Город замер, как мышь в лапах большой хищной кошки.
Обманчиво безразличный взгляд Орлсона выискивал кого-то. Но пока не находил.
В глазах бандита впервые промелькнула искра раздражения.
— Харви, объясни этим людям зачем мы пришли, — окликнув помощника, Говард выжидающе замолчал.
Говорить с толпой сам он не собирался. Злость клокотала внутри: из-за потери восьмерых людей, из-за сбежавшего сукиного сына, которого теперь он самолично собирался протянуть на веревке по всему этому чертовому Кейптауну, а затем дать парням повеселиться с несговорчивым представителем закона по-своему.
Толпа бандитов выпустила вперед одного из всадников, и Джеймс едва успел схватить Данко за ворот рубашки.
— Стой! Стой, блять! — тут же перехватывая мексиканца за плечо, Фостер получил локтем в бок, едва не взвыв от боли.
Кабрера попал в один из ушибов, зацепил ребро. Колющий спазм охватил, казалось, все тело, на пару секунд в глазах шерифа даже потемнело.
Данко вновь рванул вперед, но чудом оказался удержан. Им сейчас нельзя было шуметь, раскрывая свое местоположение. Надо было придумать, что делать, а не бежать на убой.
Всадник же, отделившийся от толпы, выехав вперед на гнедой лошади, стянул с седла и поставил на землю живую ношу. Лошадь нервно забила копытом, но спешиваться бандит не собирался: в случае начала стрельбы он мог пришпорить ее и сорваться с места к салуну, чтобы укрыться в нем от пуль. Центральная позиция на всеобщем обозрении Харви не слишком нравилась.

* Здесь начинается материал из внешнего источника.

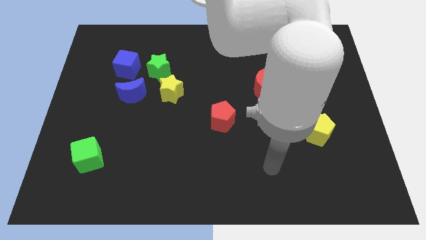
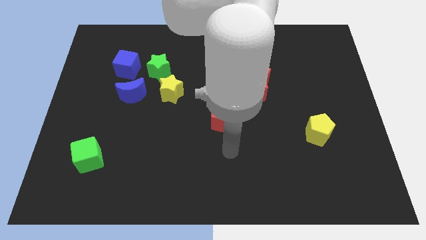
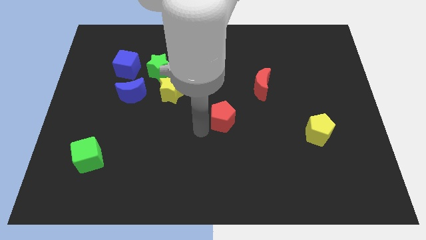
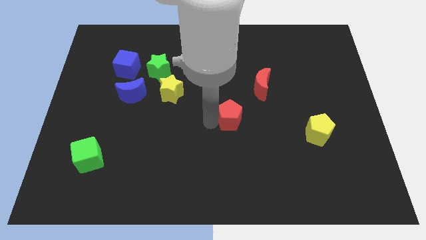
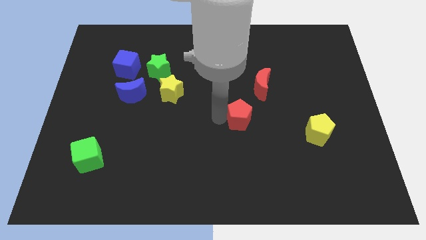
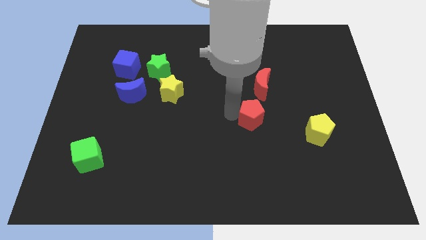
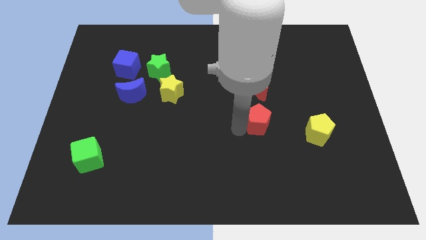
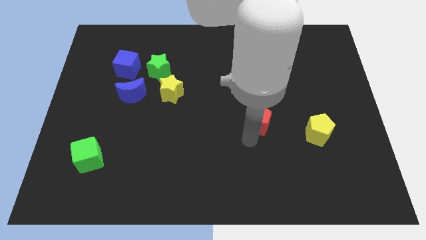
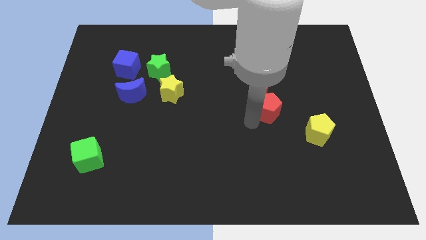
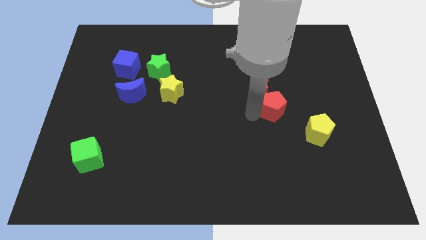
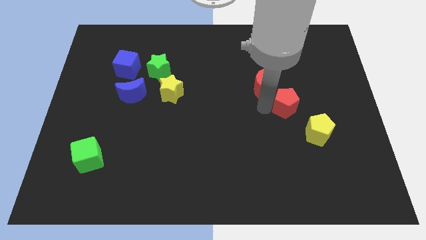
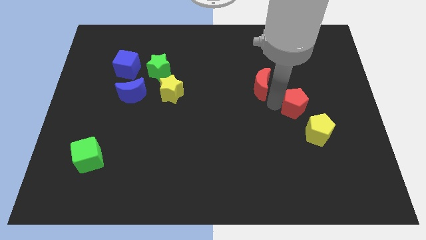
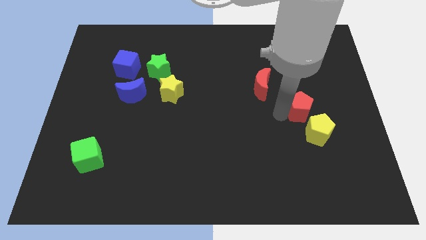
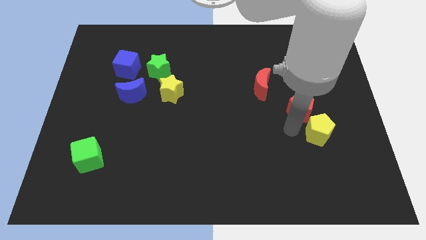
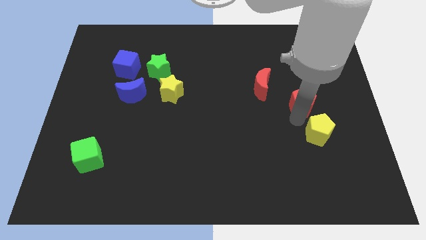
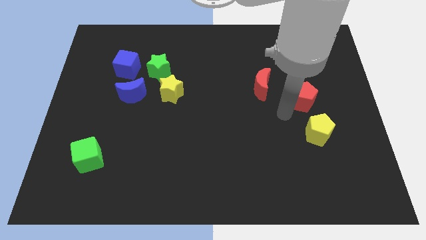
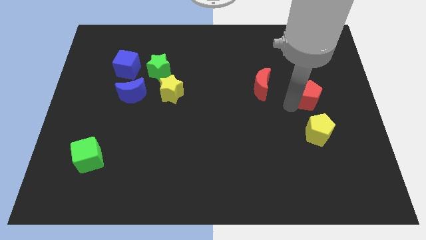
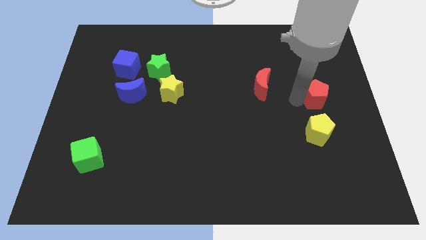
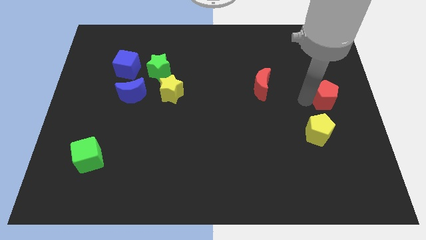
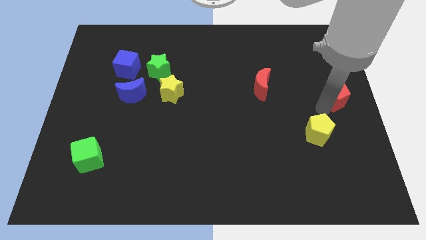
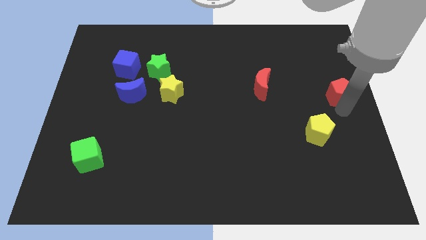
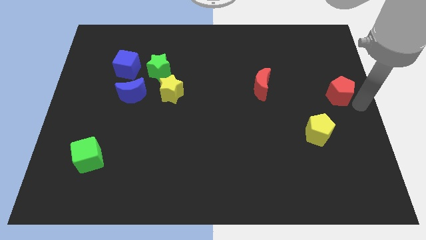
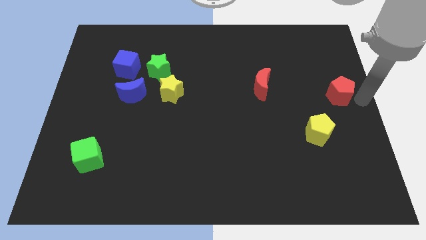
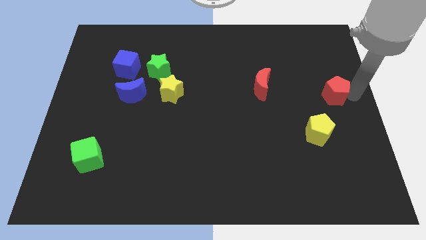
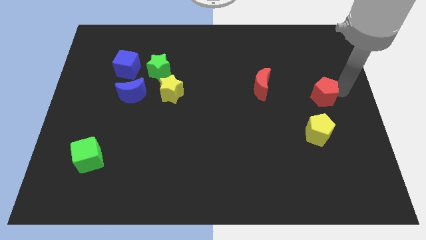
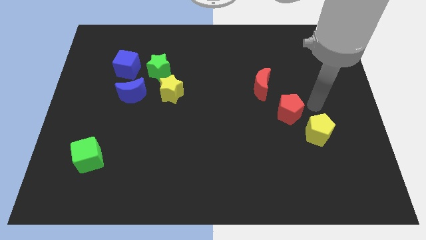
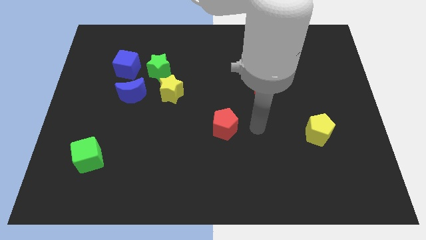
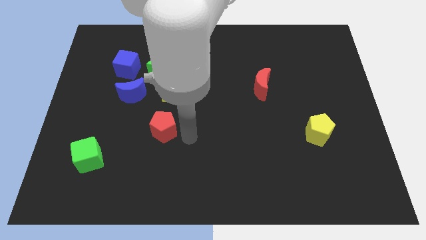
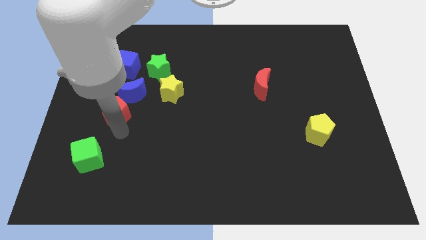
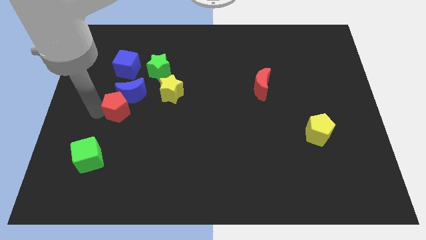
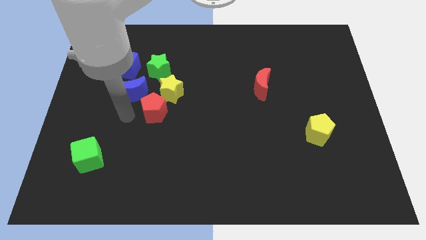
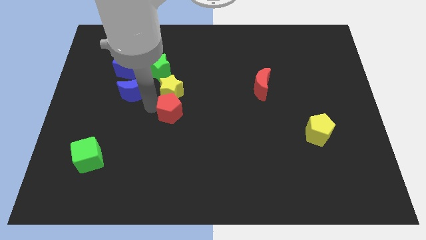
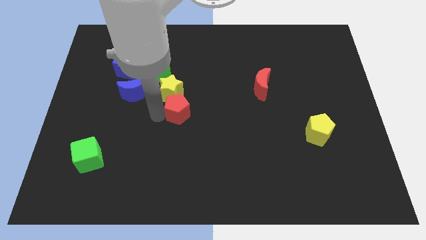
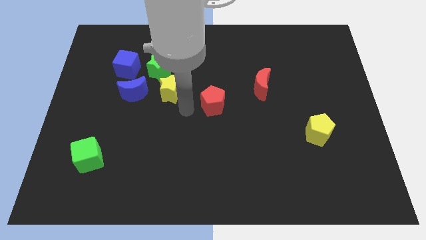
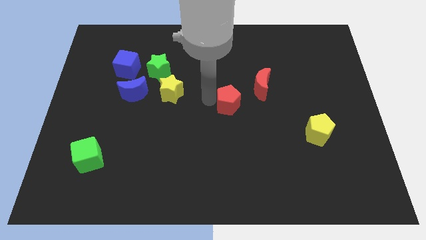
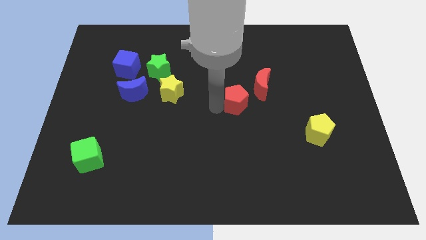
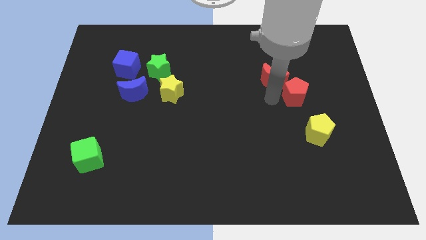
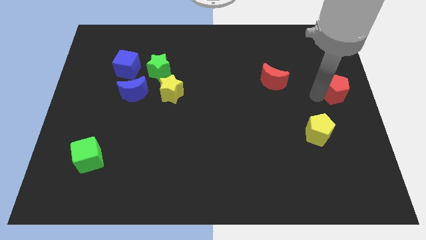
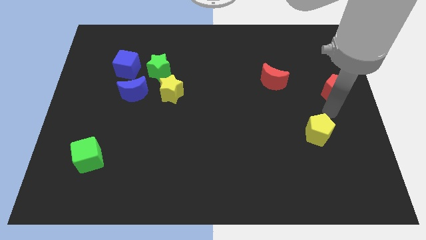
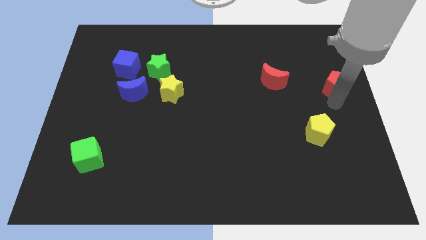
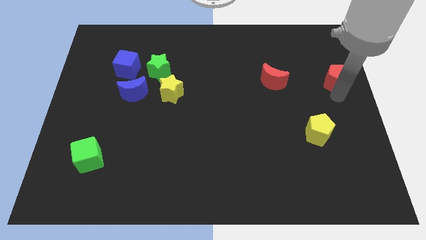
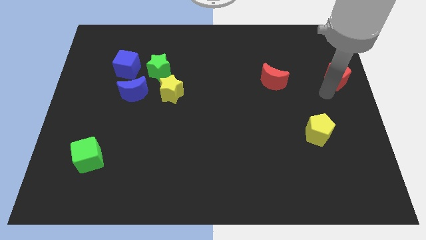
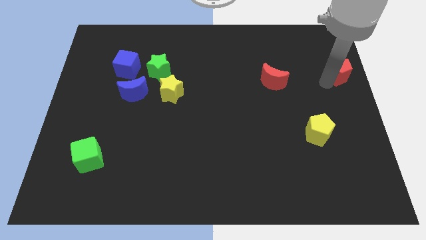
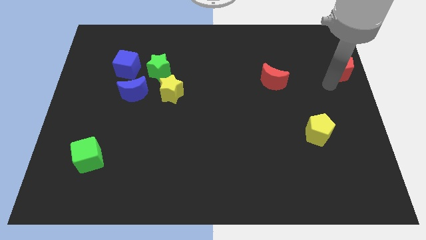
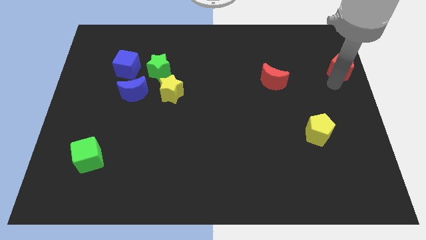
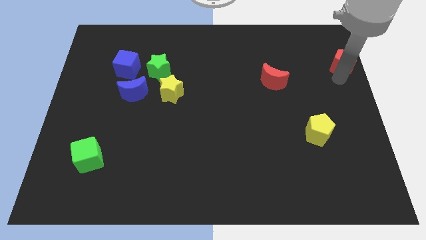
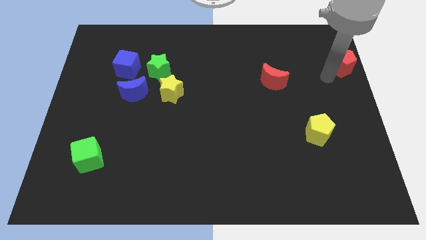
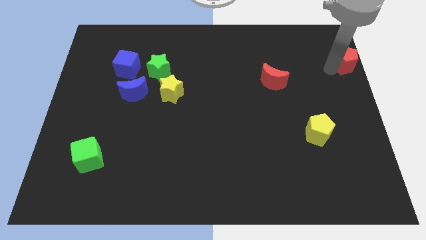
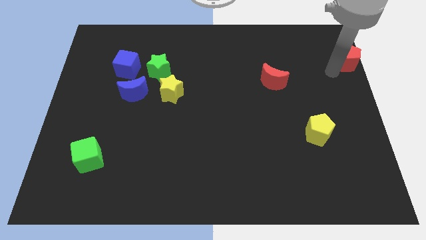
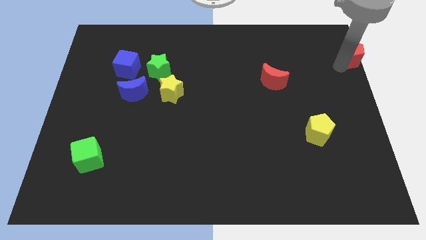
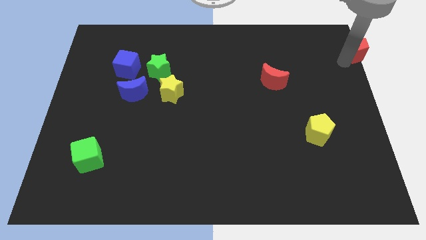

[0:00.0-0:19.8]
put the red pentagon to the top right of the board

Намотав на руку длинные черные волосы, стрелок дернул за них, вынуждая женщину запрокинуть голову. Тонкие руки постарались перехватить его за запястья и ослабить хватку, но Харви потянул сильнее и вынудил ее привстать на носки. Порванное платье обнажало плечо, лоскут ткани свисал вниз. Покрасневшая щека несла след сильной пощечины. В глазах Рут засел страх, слезы текли не переставая.
— Жители Кейптауна! –дулом пистолета в свободной руке Харви Лейн приподнял шляпу на голове выше и сплюнул в сторону. — Я бы соврал, что я и мои друзья пришли с миром. Но у нас к вам есть дельное предложение. Никто из вас не пострадает. Кроме той старой дуры. Глэнтон, давай остальных сюда!
Трое бандитов вытолкнули вперед остальных членов семейства Хемпс.
Ударами ружей Гарри с отцом Рут, Сэмуэлем, вынудили опуститься на колени и завести руки за головы. Оба были сильно избиты и тяжело дышали. С Эрла стянули мешок и сбили с ног, а чтобы он заткнулся и перестал скулить, выстрелили в землю прямо у его головы.
Парень истошно закричал.
— Да твою мать, заткнись уже! Чертов ублюдок, задрал визжать, как баба!
Рявкнув, негр навел револьвер на Эрла и, взведя курок, выстрелил еще ближе к лицу.
— Смотри-ка! Да он обоссался!
— Ха-ха! Второй раз подряд!
Пятно на штанах младшего Хемпса и правда увеличилось, мокрый след отпечатался на песке. Зажав ладонями уши, Эрл скрючился, боясь шевельнуться. Но пули, принявшиеся жалить землю вокруг него уже с трех сторон, вынуждали взвизгивать и дергаться при каждом выстреле.